Vinokurova Svetlana, Wentzensen Nicolas, Kraus Irene, Klaes Ruediger, Driesch Corina, Melsheimer Peter, Kisseljov Fjodor, Dürst Mattias, Schneider Achim, von Knebel Doeberitz Magnus
Department of Applied Tumor Biology, Institute of Pathology, University of Heidelberg, Heidelberg, Germany.
Cancer Res. 2008 Jan 1;68(1):307-13. doi: 10.1158/0008-5472.CAN-07-2754.

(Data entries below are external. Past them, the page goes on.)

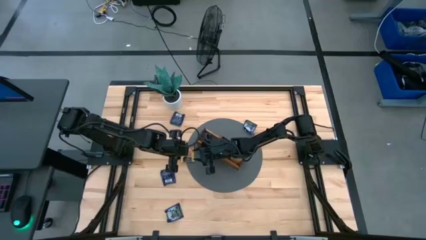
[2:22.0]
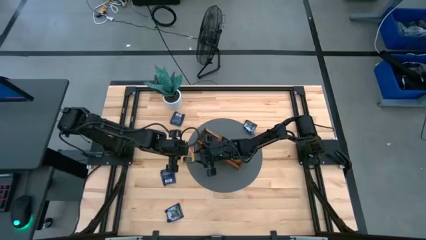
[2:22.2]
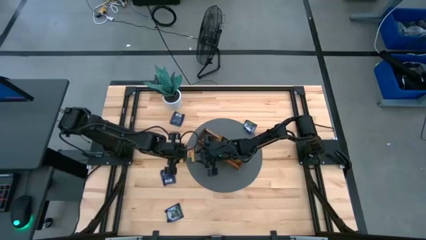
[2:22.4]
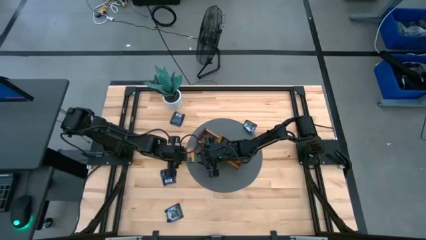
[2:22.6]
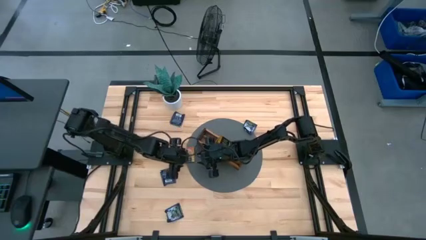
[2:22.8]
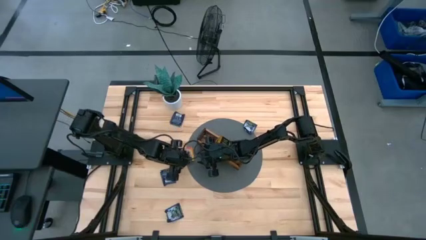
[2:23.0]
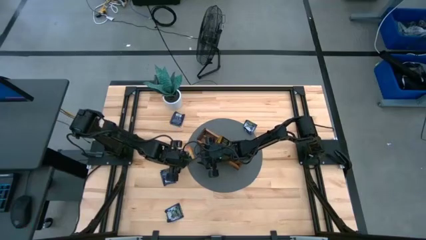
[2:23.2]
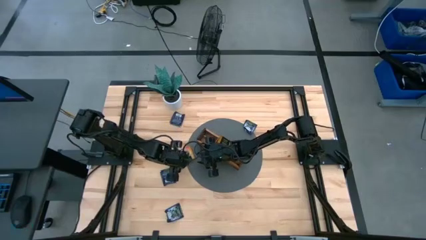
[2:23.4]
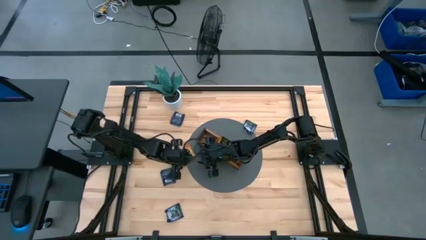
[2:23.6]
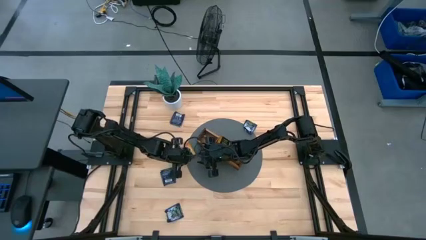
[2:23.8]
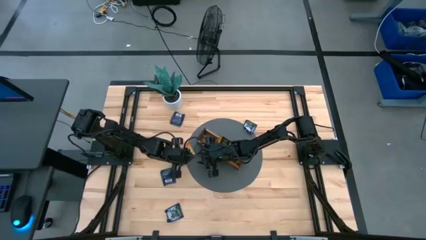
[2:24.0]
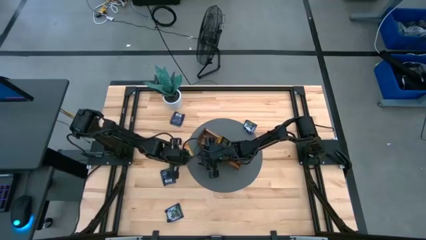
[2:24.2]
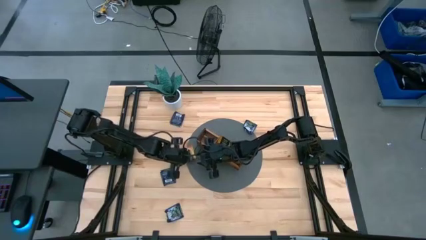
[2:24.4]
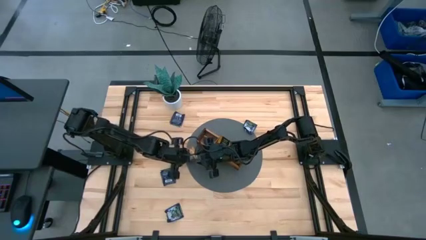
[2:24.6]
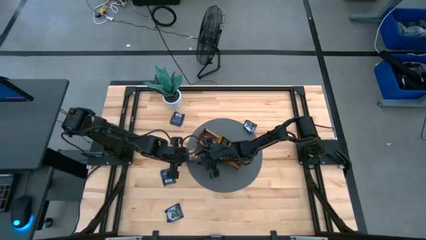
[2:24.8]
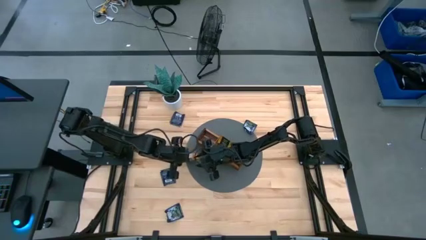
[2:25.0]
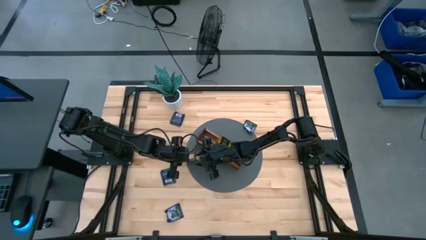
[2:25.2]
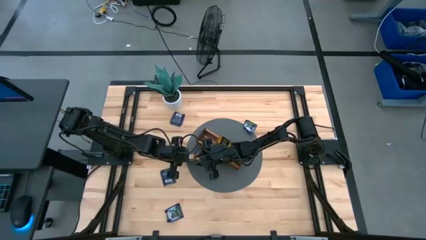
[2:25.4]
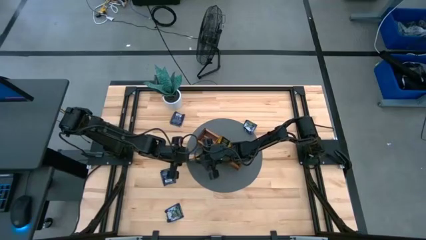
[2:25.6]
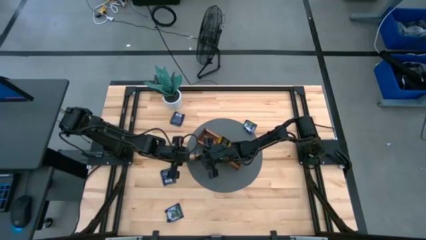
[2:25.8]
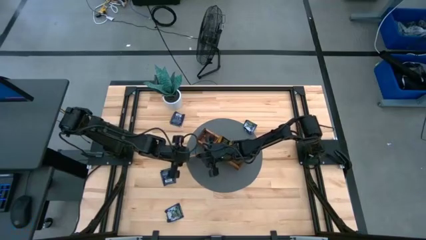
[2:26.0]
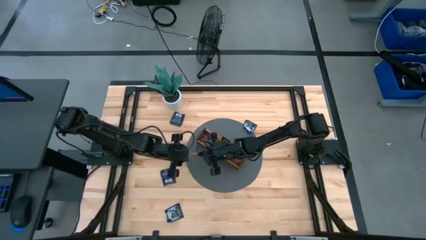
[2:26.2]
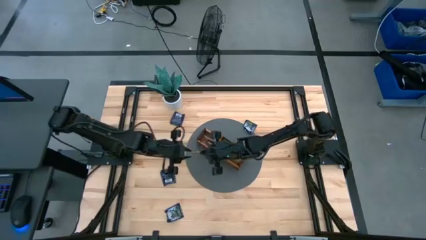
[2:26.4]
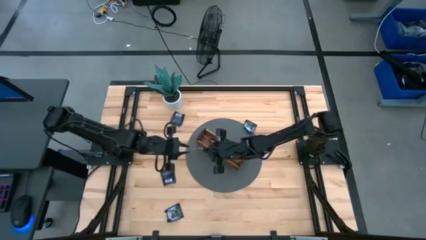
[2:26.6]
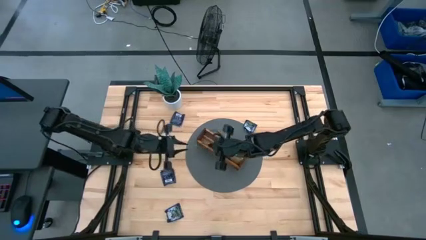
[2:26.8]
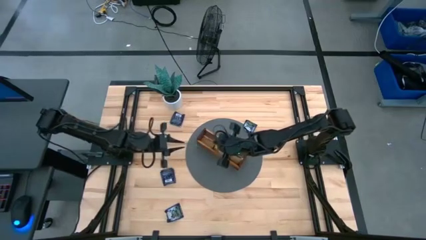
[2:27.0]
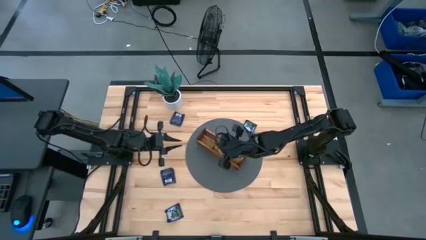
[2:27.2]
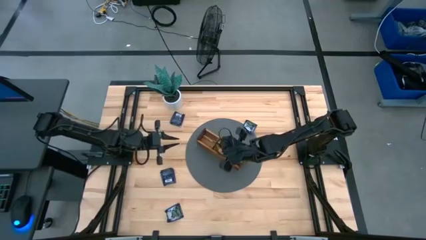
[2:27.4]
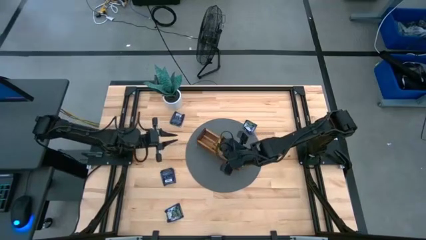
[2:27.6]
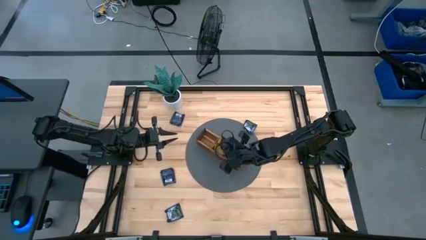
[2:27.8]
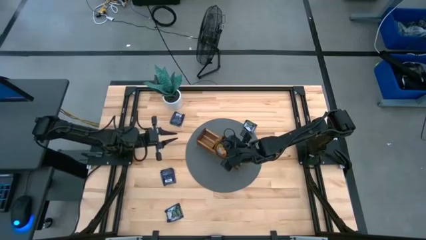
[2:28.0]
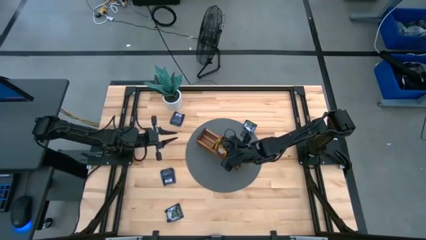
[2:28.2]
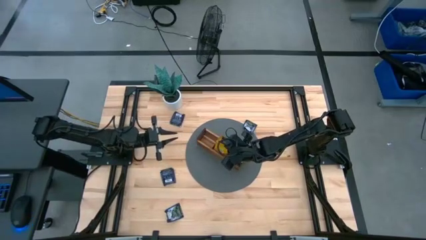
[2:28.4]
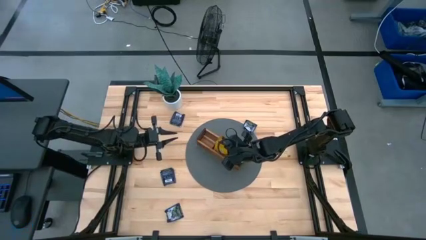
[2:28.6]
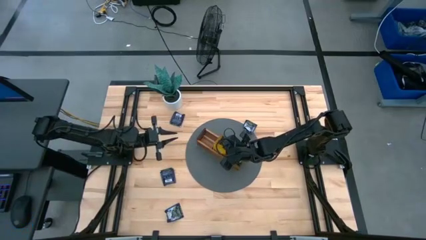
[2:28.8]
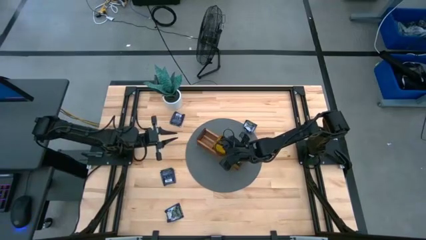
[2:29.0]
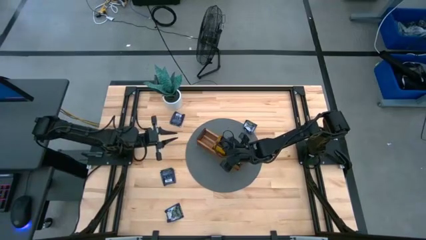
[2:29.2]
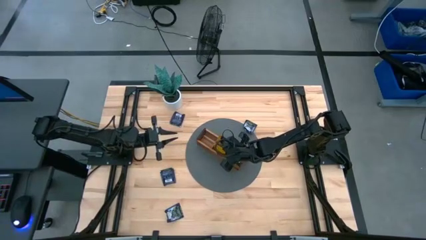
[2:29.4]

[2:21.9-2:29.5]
Put the orange tea bag into the middle section of the wooden organizer

Chromosomal integration of high-risk human papillomavirus (HR-HPV) genomes is believed to represent a significant event in the pathogenesis of cervical cancer associated with progression from preneoplastic lesions to invasive carcinomas. This hypothesis is based on experimental data suggesting that integration-dependent disruption of HR-HPV E2 gene functions is important to achieve neoplastic transformation and on clinical data gathered by analyzing lesions induced by human papillomavirus (HPV) 16 and 18 that revealed integrated viral genome copies in the vast majority of cervical cancer cells. However, a substantial fraction of cervical cancers is associated with other HR-HPV types for which virtually no data concerning their integration status have been reported so far. Here, we compared integration frequencies of the five most common oncogenic HPV types (HPV16, 18, 31, 33, and 45) in a series of 835 cervical samples using a specific mRNA-based PCR assay (Amplification of Papillomavirus Oncogene Transcripts). Most precancerous lesions displayed exclusively episomal viral genomes, whereas 62% of the carcinomas had integrated viral genomes. However, the frequency of integrated HR-HPV genomes showed marked differences for individual HR-HPV types. HPV16, 18, and 45 were found substantially more often in the integrated state compared with HPV types 31 and 33. The analysis of the median age of patients with high-grade precancerous lesions and invasive cancers suggests that precancers induced by HPV types 18, 16, and 45 progress to invasive cervical cancer in substantially less time compared with precancers induced by HPV types 31 and 33. These findings suggest that integration of oncogenic HPV genomes in cervical lesions is a consequence rather than the cause of chromosomal instability induced by deregulated HR-HPV E6-E7 oncogene expression. Distinct HR-HPV types apparently provoke chromosomal instability in their host cells to a different extent than is reflected by their integration frequencies in advanced lesions and the time required for CIN 3 lesions to progress to invasive cancer.
高危型人乳头瘤病毒(HR-HPV)基因组的染色体整合被认为是宫颈癌发病机制中的一个重要事件,与癌前病变发展为浸润性癌相关。这一假说基于实验数据,表明HR-HPV E2基因功能的整合依赖性破坏对于实现肿瘤转化很重要,也基于通过分析人乳头瘤病毒(HPV)16和18诱导的病变所收集的临床数据,这些数据显示在绝大多数宫颈癌细胞中存在整合的病毒基因组拷贝。然而,相当一部分宫颈癌与其他HR-HPV类型相关,目前几乎没有关于它们整合状态的数据报道。在此,我们使用基于特定mRNA的PCR检测方法(乳头瘤病毒癌基因转录本扩增),比较了835份宫颈样本中五种最常见致癌性HPV类型(HPV16、18、31、33和45)的整合频率。大多数癌前病变仅显示游离的病毒基因组,而62%的癌具有整合的病毒基因组。然而,整合的HR-HPV基因组频率在各HR-HPV类型之间存在显著差异。与HPV 31和33型相比,HPV16、18和45型以整合状态出现的频率要高得多。对高级别癌前病变和浸润性癌患者的中位年龄分析表明,与HPV 31和33型诱导的癌前病变相比,HPV 18、16和45型诱导的癌前病变进展为浸润性宫颈癌所需的时间要短得多。这些发现表明,宫颈病变中致癌性HPV基因组的整合是HR-HPV E6-E7癌基因表达失调所诱导的染色体不稳定的结果而非原因。不同的HR-HPV类型显然在其宿主细胞中引发染色体不稳定的程度不同,这一点在晚期病变中的整合频率以及CIN 3病变进展为浸润性癌所需的时间上并未得到体现。